→ **Description of the task**
Print every line of the listing below, starting with the line that holds "މި ސައިޓާއި ހިއްސާކުރިއެވެ." and going on through the line that holds "အချက်ပင်ဖြစ်သည်", both included, and print nothing else.

→ **Study material**
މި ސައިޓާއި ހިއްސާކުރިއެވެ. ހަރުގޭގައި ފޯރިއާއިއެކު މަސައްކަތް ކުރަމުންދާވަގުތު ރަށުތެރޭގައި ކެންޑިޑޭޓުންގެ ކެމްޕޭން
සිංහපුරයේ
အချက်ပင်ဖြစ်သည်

* * *

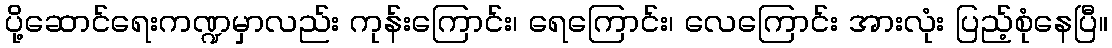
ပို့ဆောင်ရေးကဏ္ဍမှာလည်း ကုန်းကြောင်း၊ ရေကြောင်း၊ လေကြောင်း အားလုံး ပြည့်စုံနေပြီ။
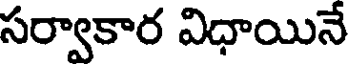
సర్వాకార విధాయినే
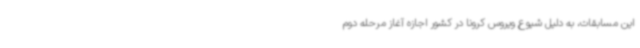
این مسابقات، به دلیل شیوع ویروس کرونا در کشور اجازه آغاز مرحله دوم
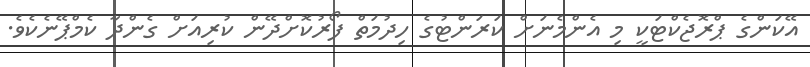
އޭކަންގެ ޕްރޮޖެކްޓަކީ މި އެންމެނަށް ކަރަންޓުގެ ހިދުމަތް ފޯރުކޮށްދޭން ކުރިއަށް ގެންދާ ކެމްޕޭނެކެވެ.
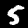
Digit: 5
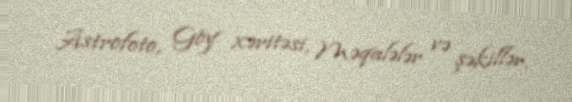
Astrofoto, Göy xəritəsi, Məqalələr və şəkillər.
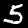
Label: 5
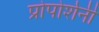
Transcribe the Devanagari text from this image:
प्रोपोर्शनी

==

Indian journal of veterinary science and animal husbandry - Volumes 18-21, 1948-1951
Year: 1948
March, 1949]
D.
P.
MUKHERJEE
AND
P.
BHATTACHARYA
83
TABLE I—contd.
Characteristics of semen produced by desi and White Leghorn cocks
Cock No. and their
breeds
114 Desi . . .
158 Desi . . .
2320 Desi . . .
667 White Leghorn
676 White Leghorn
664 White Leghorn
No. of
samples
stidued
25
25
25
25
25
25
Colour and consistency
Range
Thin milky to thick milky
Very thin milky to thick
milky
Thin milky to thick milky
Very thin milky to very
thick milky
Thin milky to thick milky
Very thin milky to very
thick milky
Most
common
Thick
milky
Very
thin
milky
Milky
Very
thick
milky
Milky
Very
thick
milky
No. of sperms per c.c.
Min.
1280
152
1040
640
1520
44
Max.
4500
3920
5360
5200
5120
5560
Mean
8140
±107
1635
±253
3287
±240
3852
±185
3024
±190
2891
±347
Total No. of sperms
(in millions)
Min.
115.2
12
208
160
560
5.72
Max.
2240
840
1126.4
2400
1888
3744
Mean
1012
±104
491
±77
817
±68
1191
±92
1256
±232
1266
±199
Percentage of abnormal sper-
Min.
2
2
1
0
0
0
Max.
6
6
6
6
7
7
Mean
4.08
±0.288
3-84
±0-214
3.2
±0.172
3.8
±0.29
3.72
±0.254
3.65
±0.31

→ **Solution**
މި ސައިޓާއި ހިއްސާކުރިއެވެ. ހަރުގޭގައި ފޯރިއާއިއެކު މަސައްކަތް ކުރަމުންދާވަގުތު ރަށުތެރޭގައި ކެންޑިޑޭޓުންގެ ކެމްޕޭން
සිංහපුරයේ
အချက်ပင်ဖြစ်သည်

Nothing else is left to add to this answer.